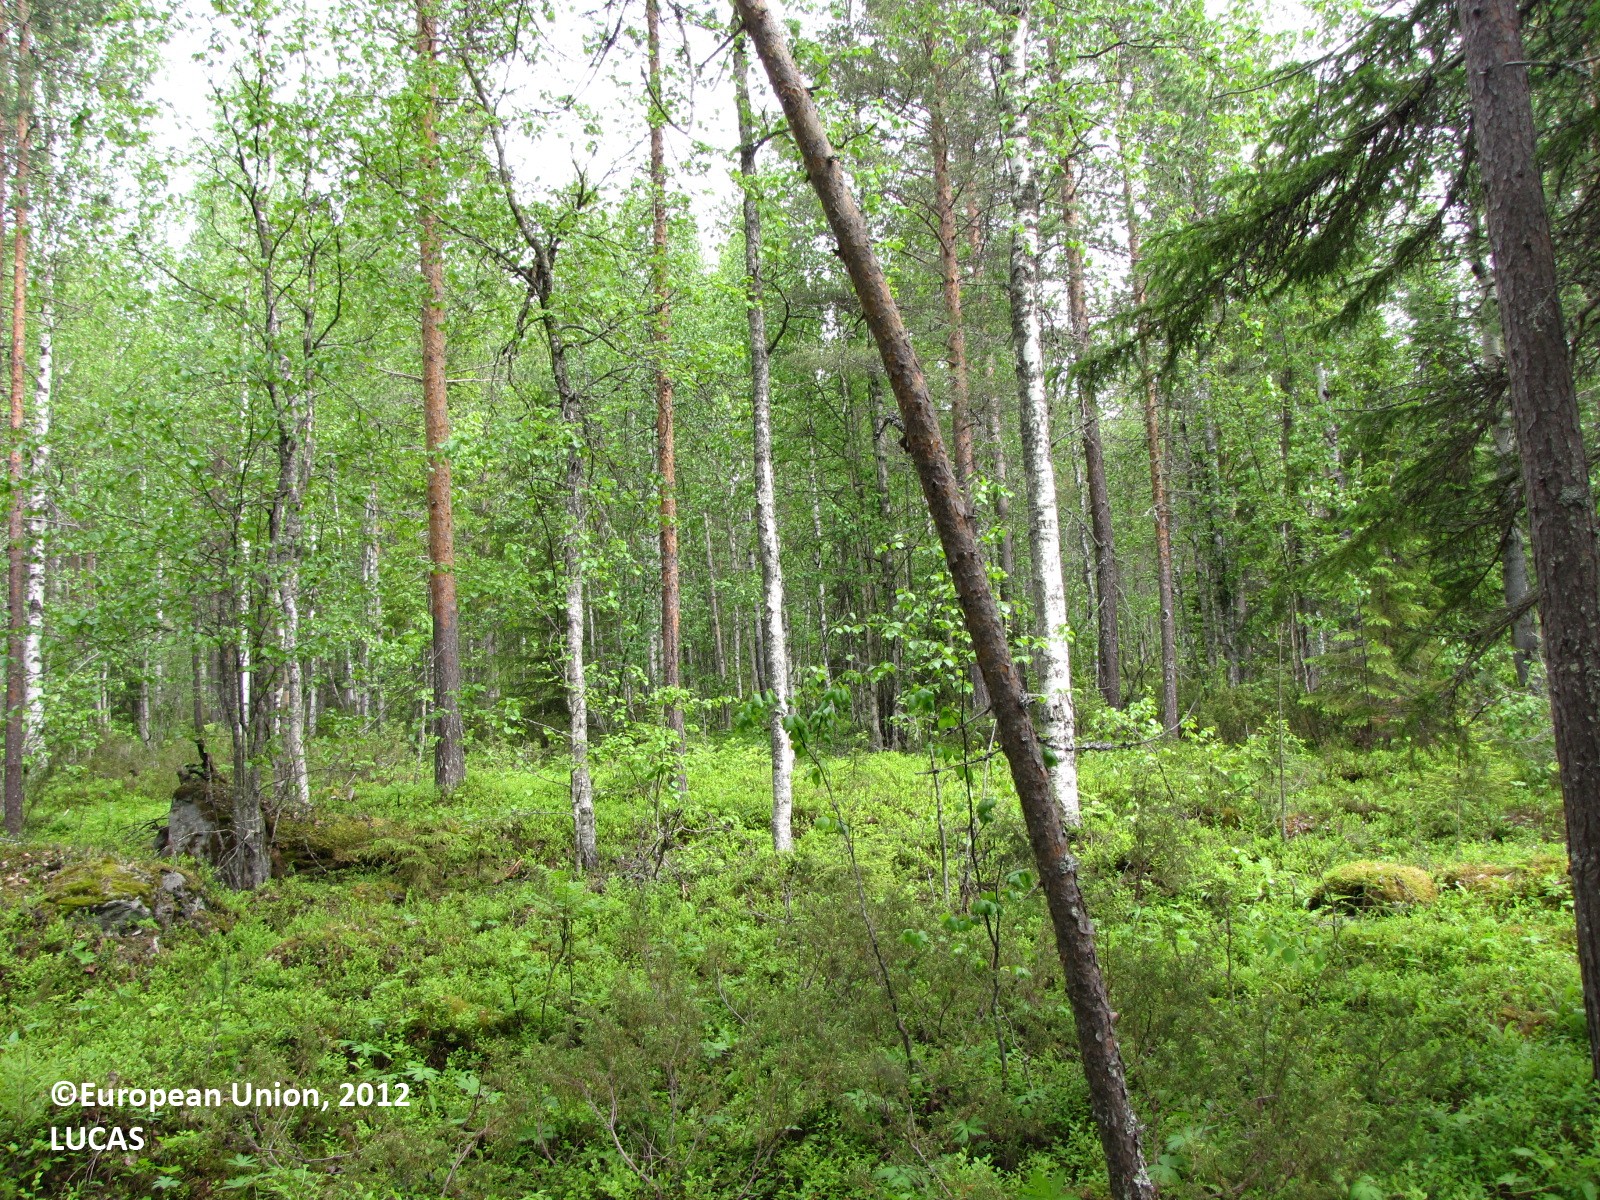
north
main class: Woodland
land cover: Pine dominated mixed woodland
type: boreal forest
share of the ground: 10 - 25 %
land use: Forestry
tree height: > 5 m
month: June
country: FI
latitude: 66.2318
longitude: 24.9768
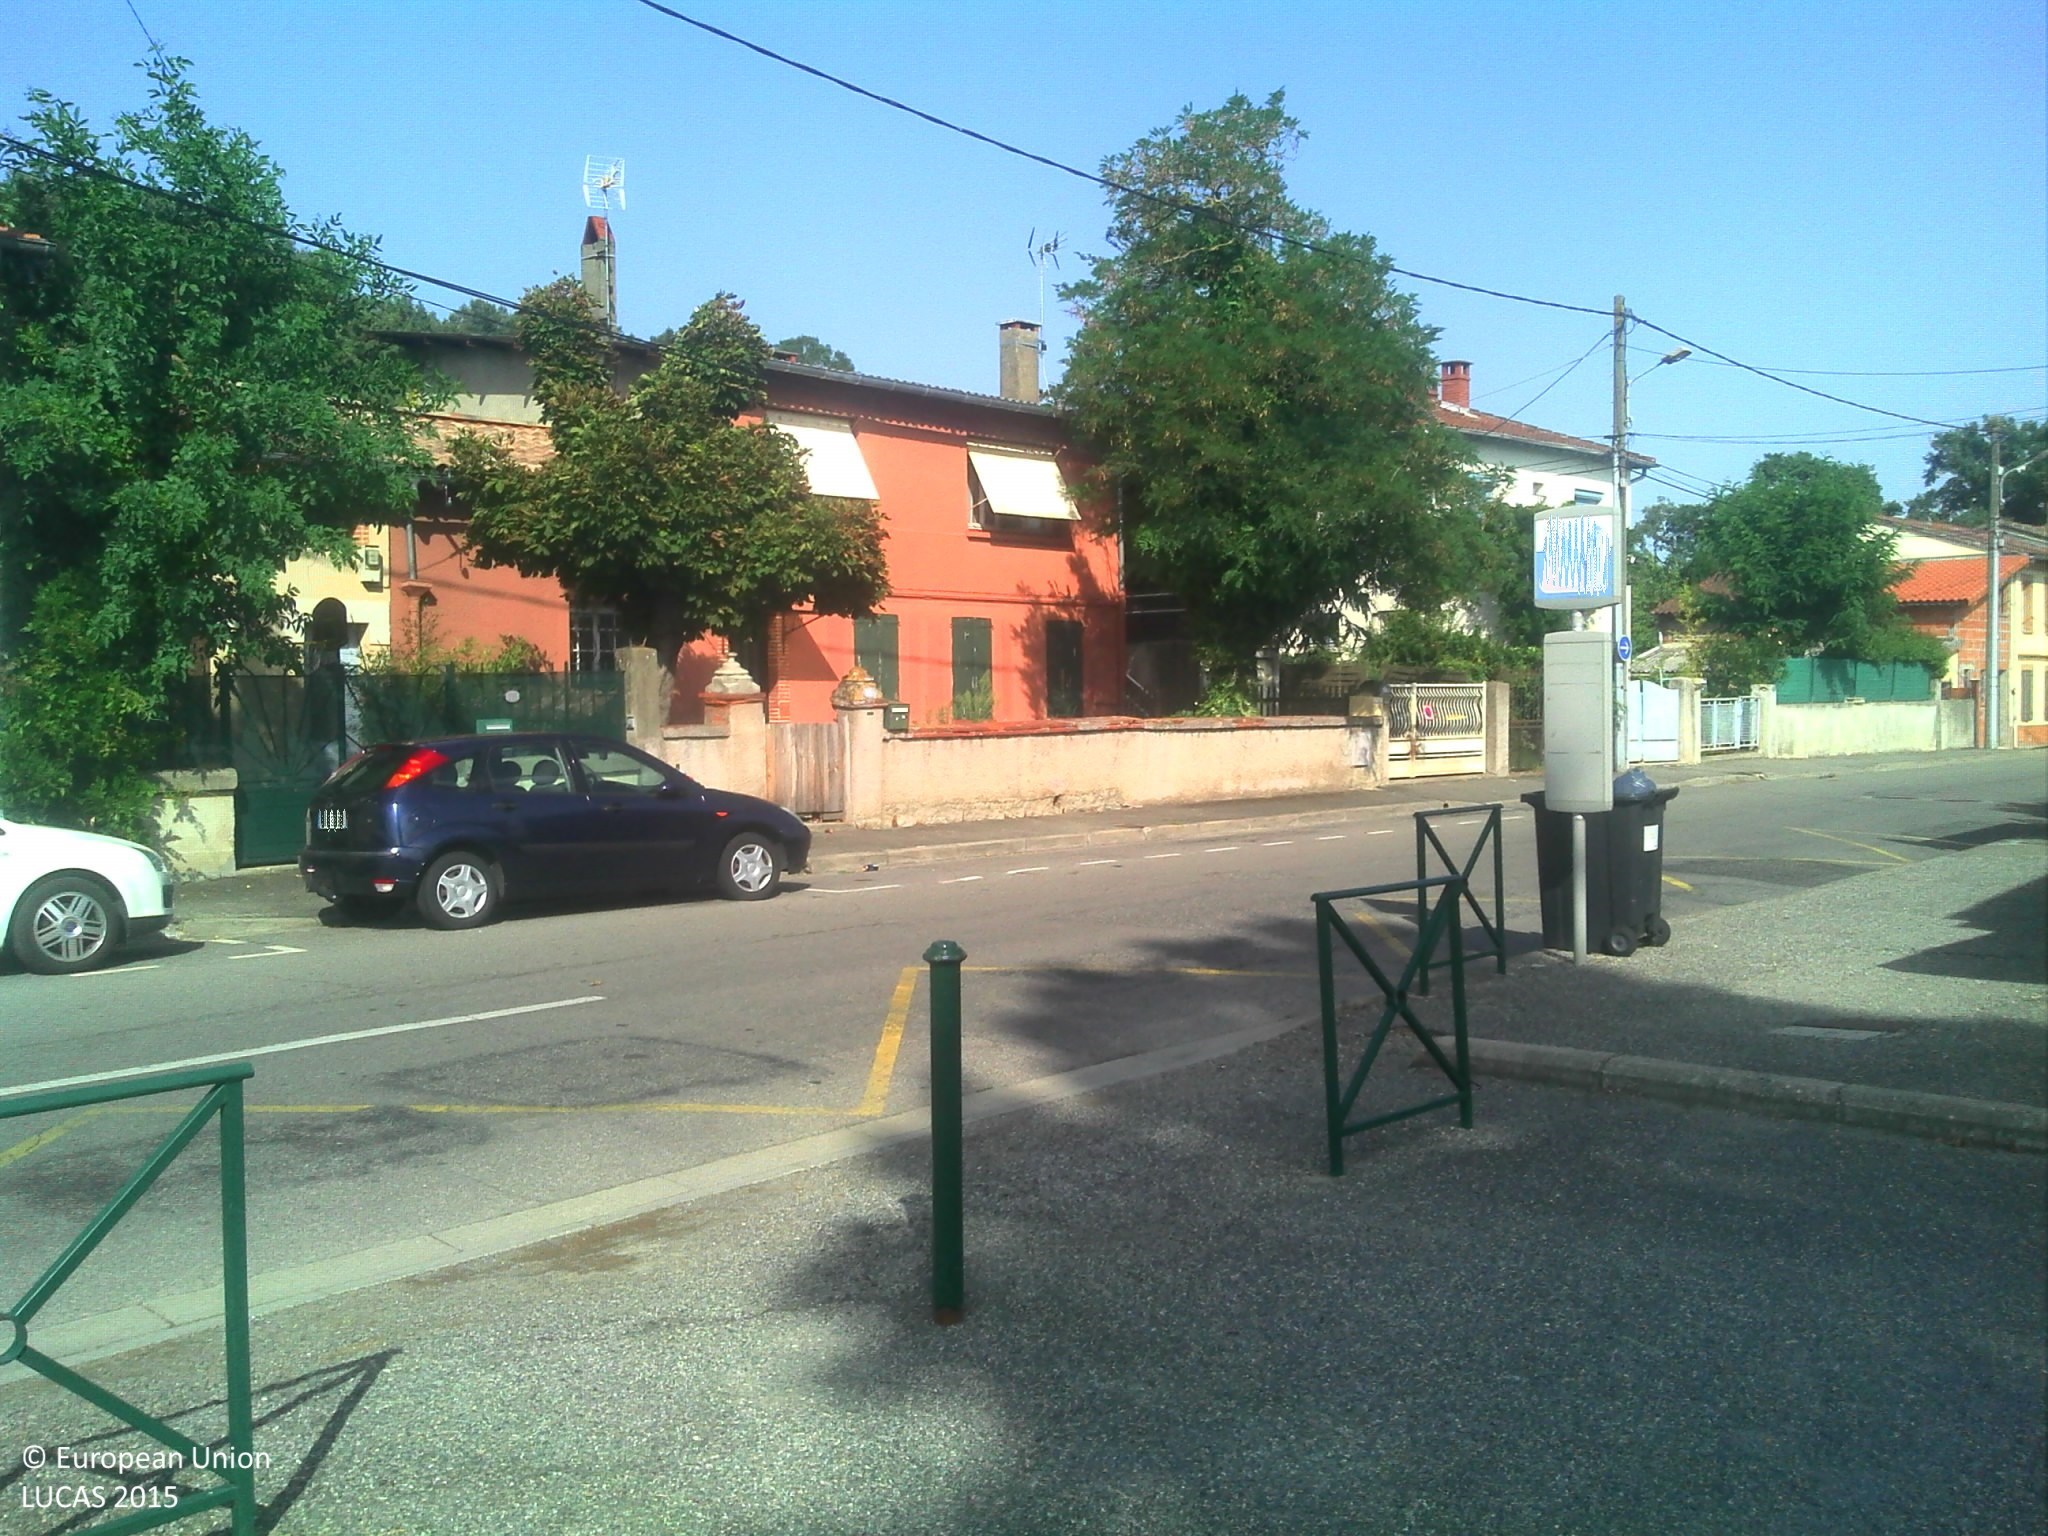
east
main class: Grassland
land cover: Grassland without tree/shrub cover
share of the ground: > 75 %
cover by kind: herbaceous plants 100 %
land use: Community services
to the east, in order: Grassland without tree/shrub cover; Artificial constructions in urban areas; Broadleaved woodland; Artificial constructions in urban areas
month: August
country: FR
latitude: 43.5219
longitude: 1.4044
* * * * * * * * *
Could you transcribe the material above exactly, keeping every picture out?

north
main class: Woodland
land cover: Pine dominated mixed woodland
type: boreal forest
share of the ground: 10 - 25 %
land use: Forestry
tree height: > 5 m
month: June
country: FI
latitude: 66.2318
longitude: 24.9768
east
main class: Grassland
land cover: Grassland without tree/shrub cover
share of the ground: > 75 %
cover by kind: herbaceous plants 100 %
land use: Community services
to the east, in order: Grassland without tree/shrub cover; Artificial constructions in urban areas; Broadleaved woodland; Artificial constructions in urban areas
month: August
country: FR
latitude: 43.5219
longitude: 1.4044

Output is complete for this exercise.